The problem: Reproduce each record exactly, but exclude every picture.

Source records:

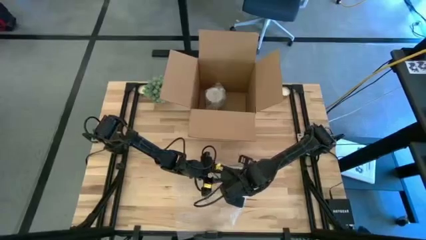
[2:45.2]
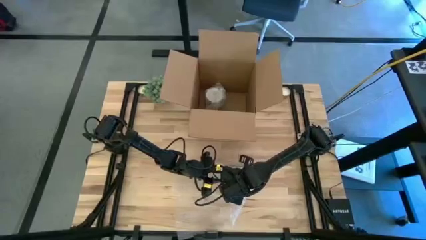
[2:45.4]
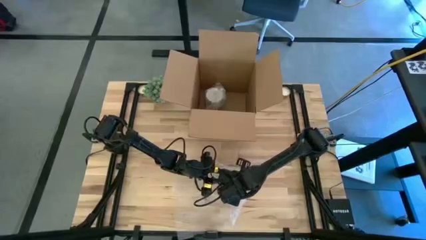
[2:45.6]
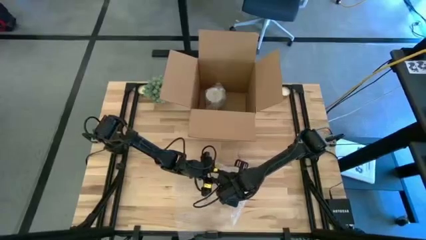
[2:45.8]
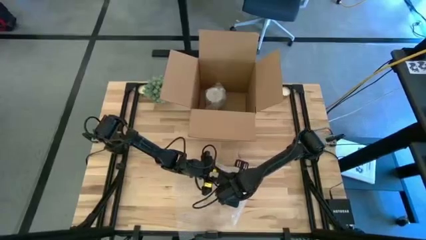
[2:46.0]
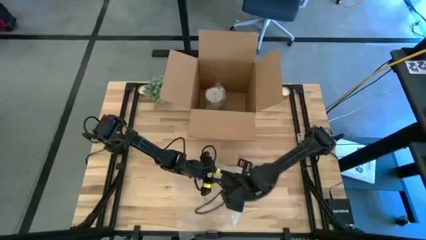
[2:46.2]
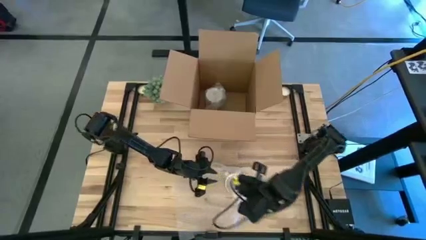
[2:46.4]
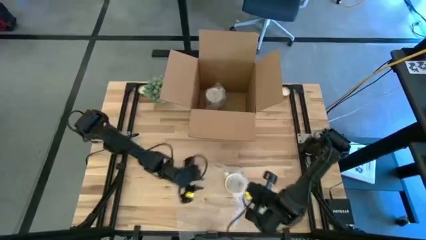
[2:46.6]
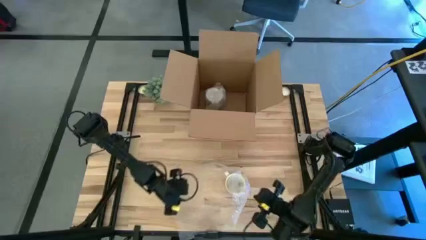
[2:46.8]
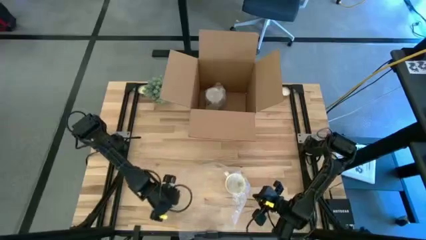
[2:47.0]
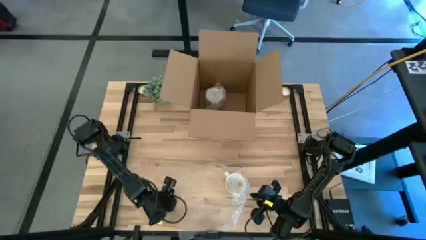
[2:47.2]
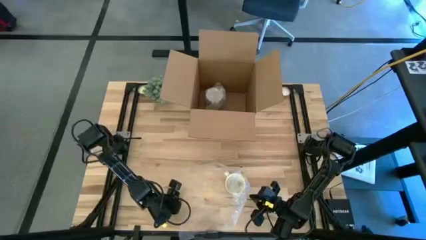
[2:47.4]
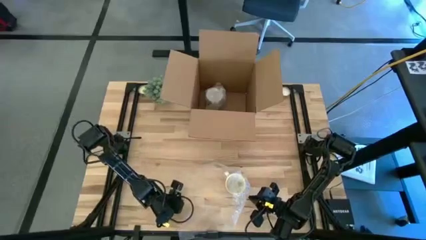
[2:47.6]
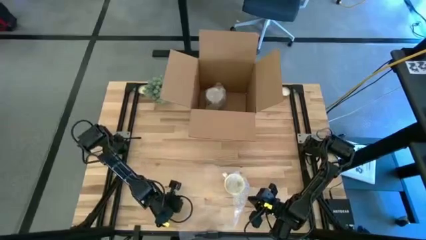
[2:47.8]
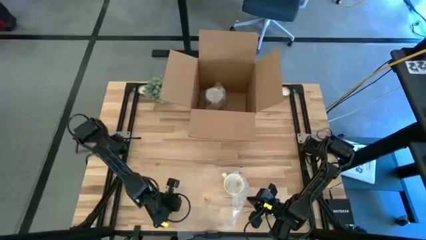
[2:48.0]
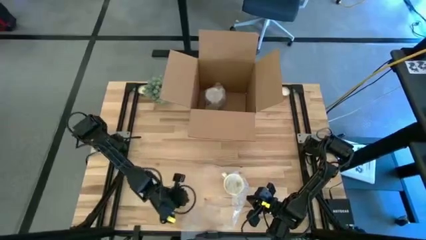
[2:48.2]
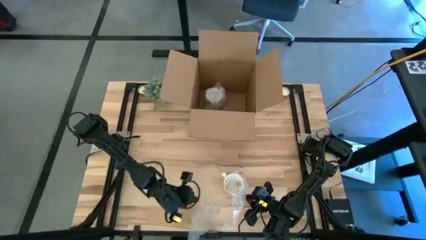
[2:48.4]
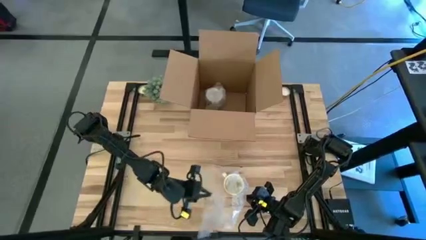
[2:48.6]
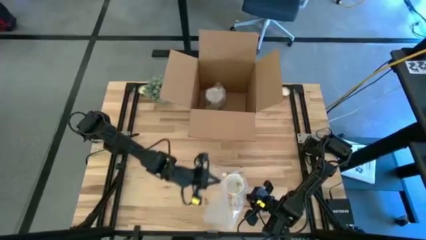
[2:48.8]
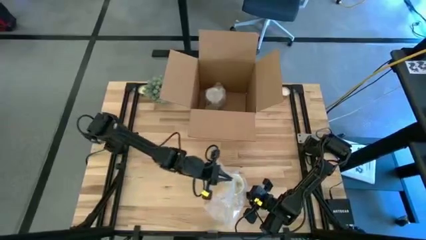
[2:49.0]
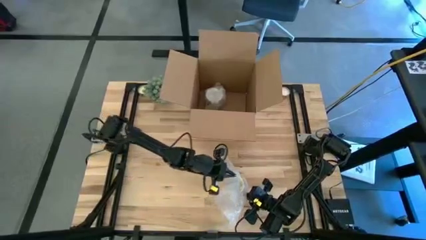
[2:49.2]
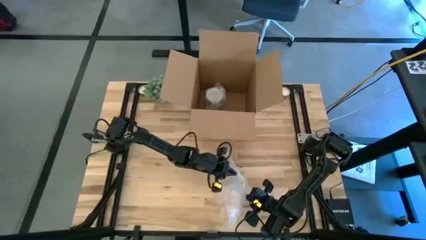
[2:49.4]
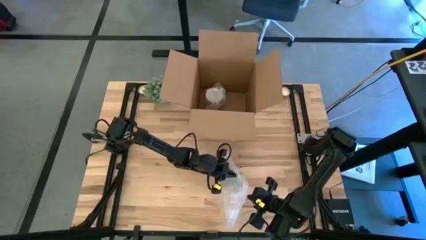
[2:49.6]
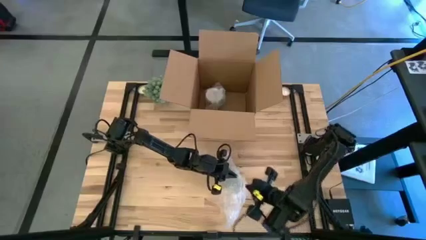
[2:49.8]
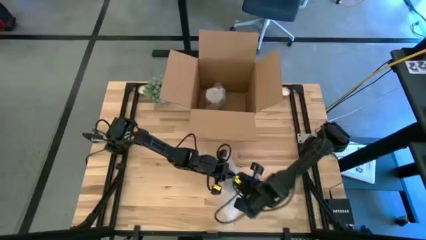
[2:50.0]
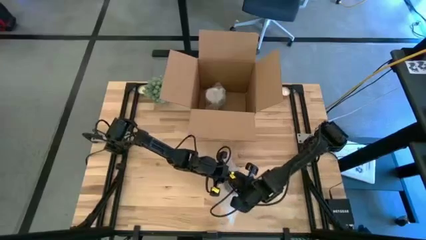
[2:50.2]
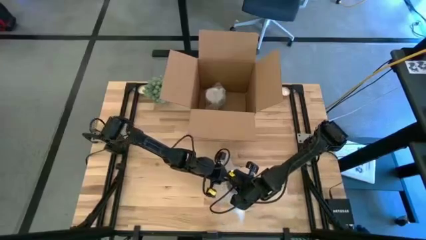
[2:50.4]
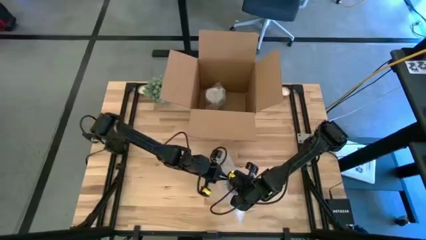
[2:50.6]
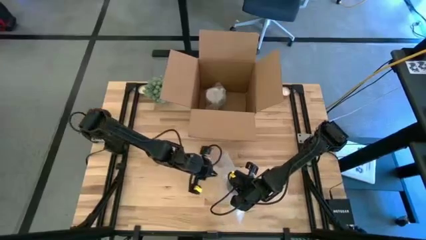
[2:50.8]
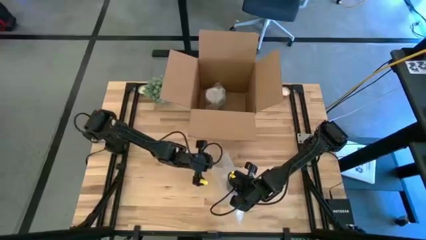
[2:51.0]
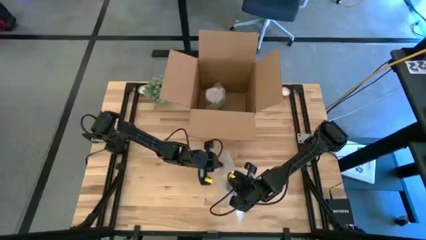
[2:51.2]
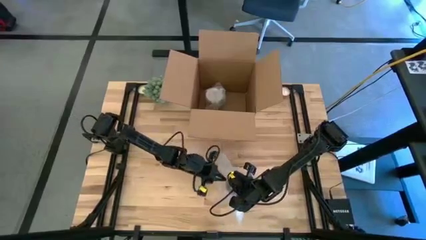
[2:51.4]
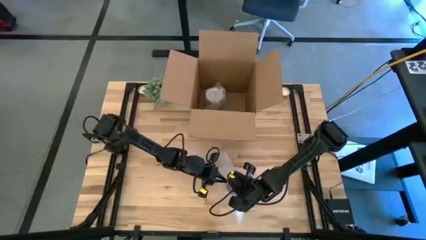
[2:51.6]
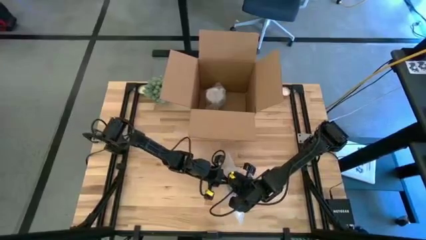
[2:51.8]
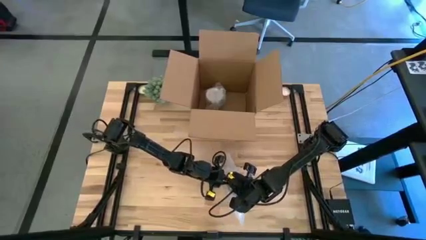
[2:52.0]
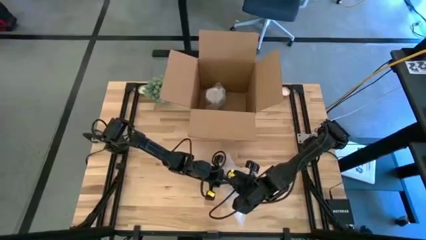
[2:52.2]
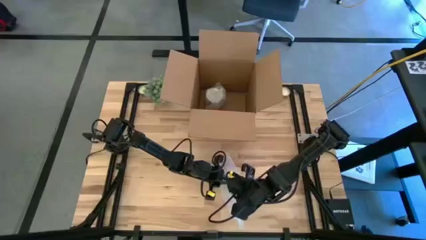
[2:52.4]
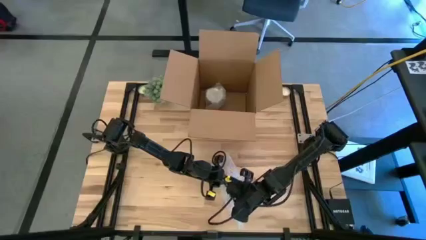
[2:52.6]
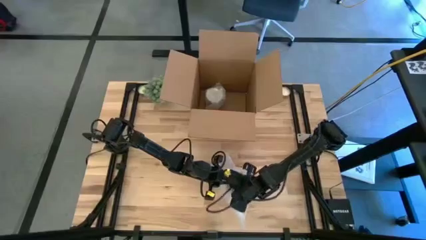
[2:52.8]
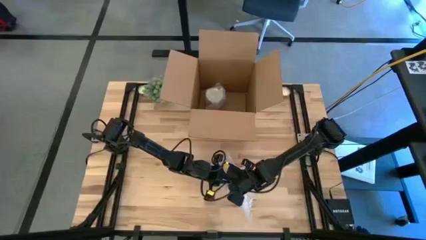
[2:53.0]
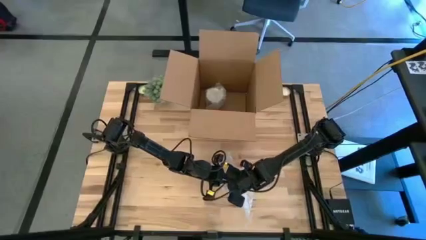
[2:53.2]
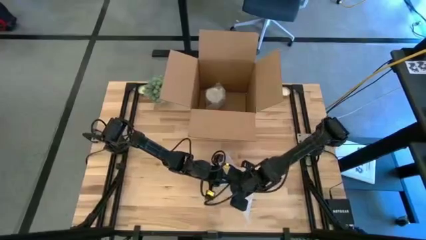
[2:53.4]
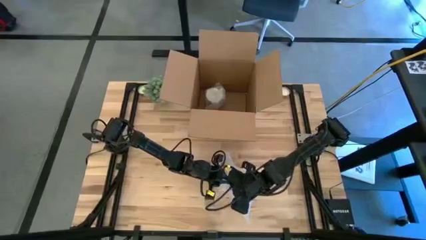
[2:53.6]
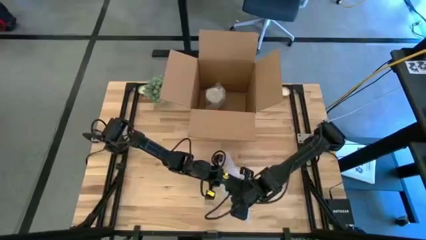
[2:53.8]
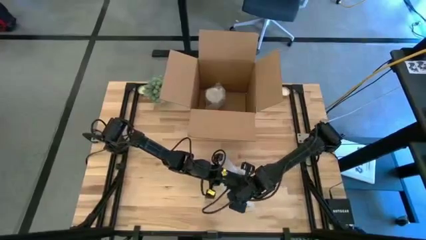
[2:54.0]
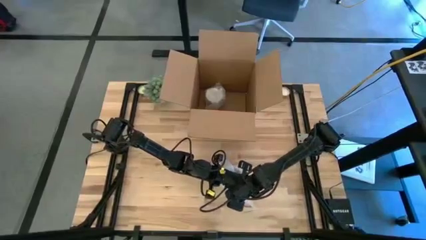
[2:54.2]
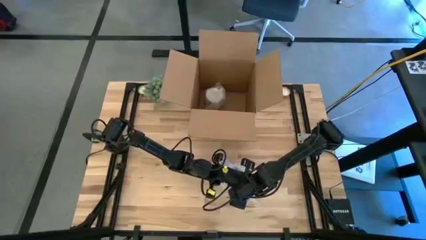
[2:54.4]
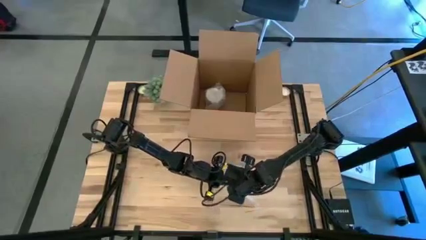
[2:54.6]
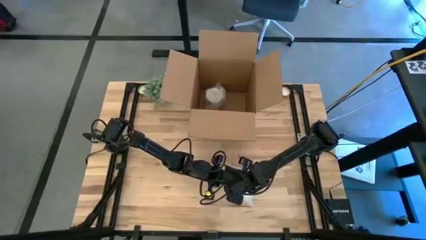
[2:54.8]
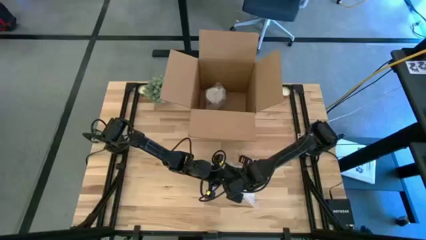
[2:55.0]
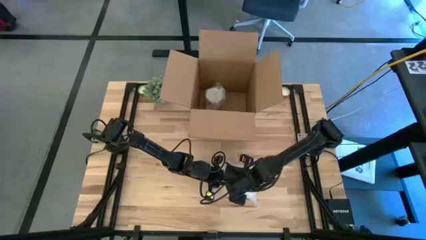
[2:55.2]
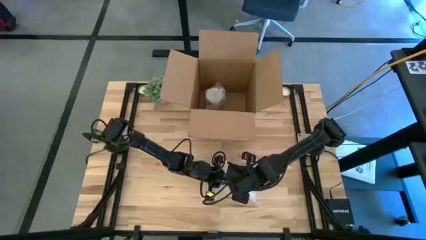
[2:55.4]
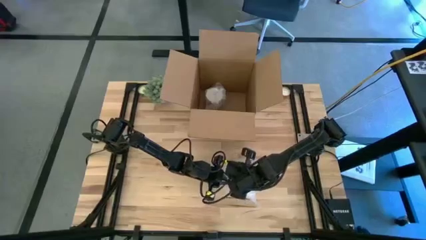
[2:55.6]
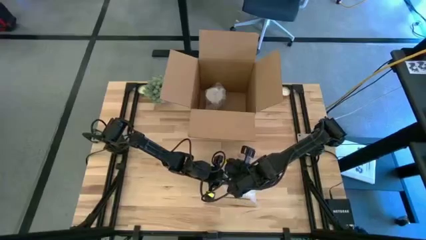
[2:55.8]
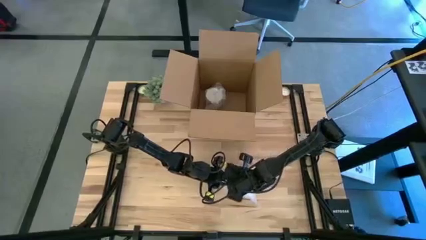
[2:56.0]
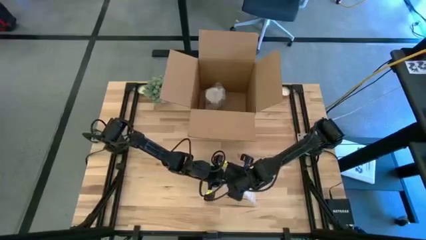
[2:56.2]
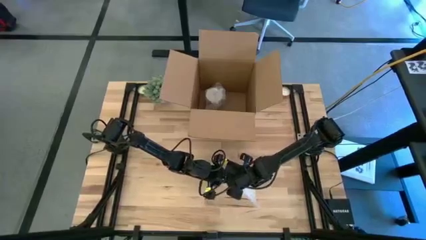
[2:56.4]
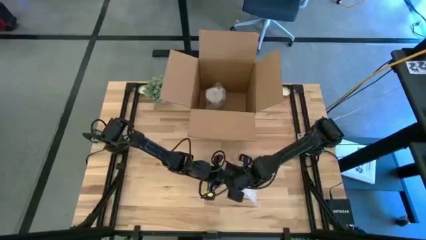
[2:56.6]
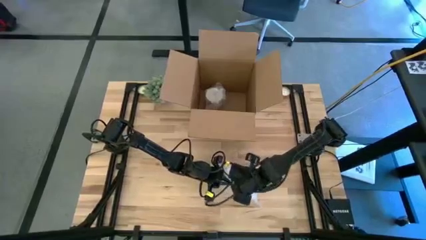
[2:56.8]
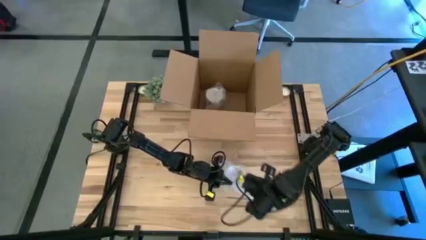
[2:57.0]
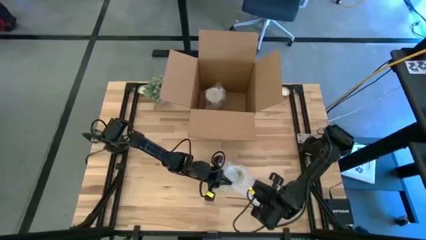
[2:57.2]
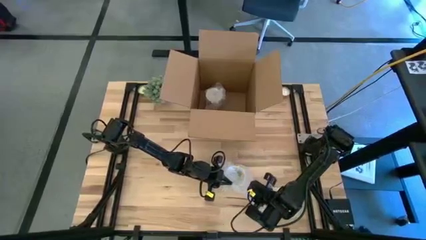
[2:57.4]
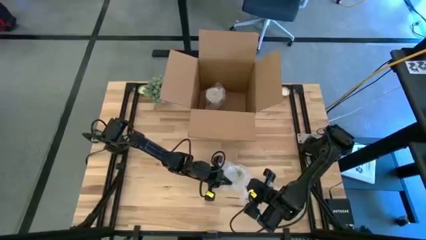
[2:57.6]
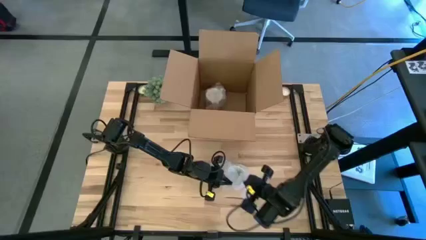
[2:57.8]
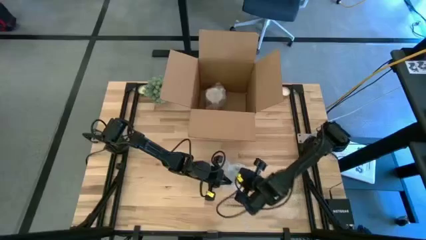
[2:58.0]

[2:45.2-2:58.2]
Task: wrap mug
Wrap the orange mug with bubble wrap

Solved problem:
[2:45.2]
[2:45.4]
[2:45.6]
[2:45.8]
[2:46.0]
[2:46.2]
[2:46.4]
[2:46.6]
[2:46.8]
[2:47.0]
[2:47.2]
[2:47.4]
[2:47.6]
[2:47.8]
[2:48.0]
[2:48.2]
[2:48.4]
[2:48.6]
[2:48.8]
[2:49.0]
[2:49.2]
[2:49.4]
[2:49.6]
[2:49.8]
[2:50.0]
[2:50.2]
[2:50.4]
[2:50.6]
[2:50.8]
[2:51.0]
[2:51.2]
[2:51.4]
[2:51.6]
[2:51.8]
[2:52.0]
[2:52.2]
[2:52.4]
[2:52.6]
[2:52.8]
[2:53.0]
[2:53.2]
[2:53.4]
[2:53.6]
[2:53.8]
[2:54.0]
[2:54.2]
[2:54.4]
[2:54.6]
[2:54.8]
[2:55.0]
[2:55.2]
[2:55.4]
[2:55.6]
[2:55.8]
[2:56.0]
[2:56.2]
[2:56.4]
[2:56.6]
[2:56.8]
[2:57.0]
[2:57.2]
[2:57.4]
[2:57.6]
[2:57.8]
[2:58.0]

[2:45.2-2:58.2]
Task: wrap mug
Wrap the orange mug with bubble wrap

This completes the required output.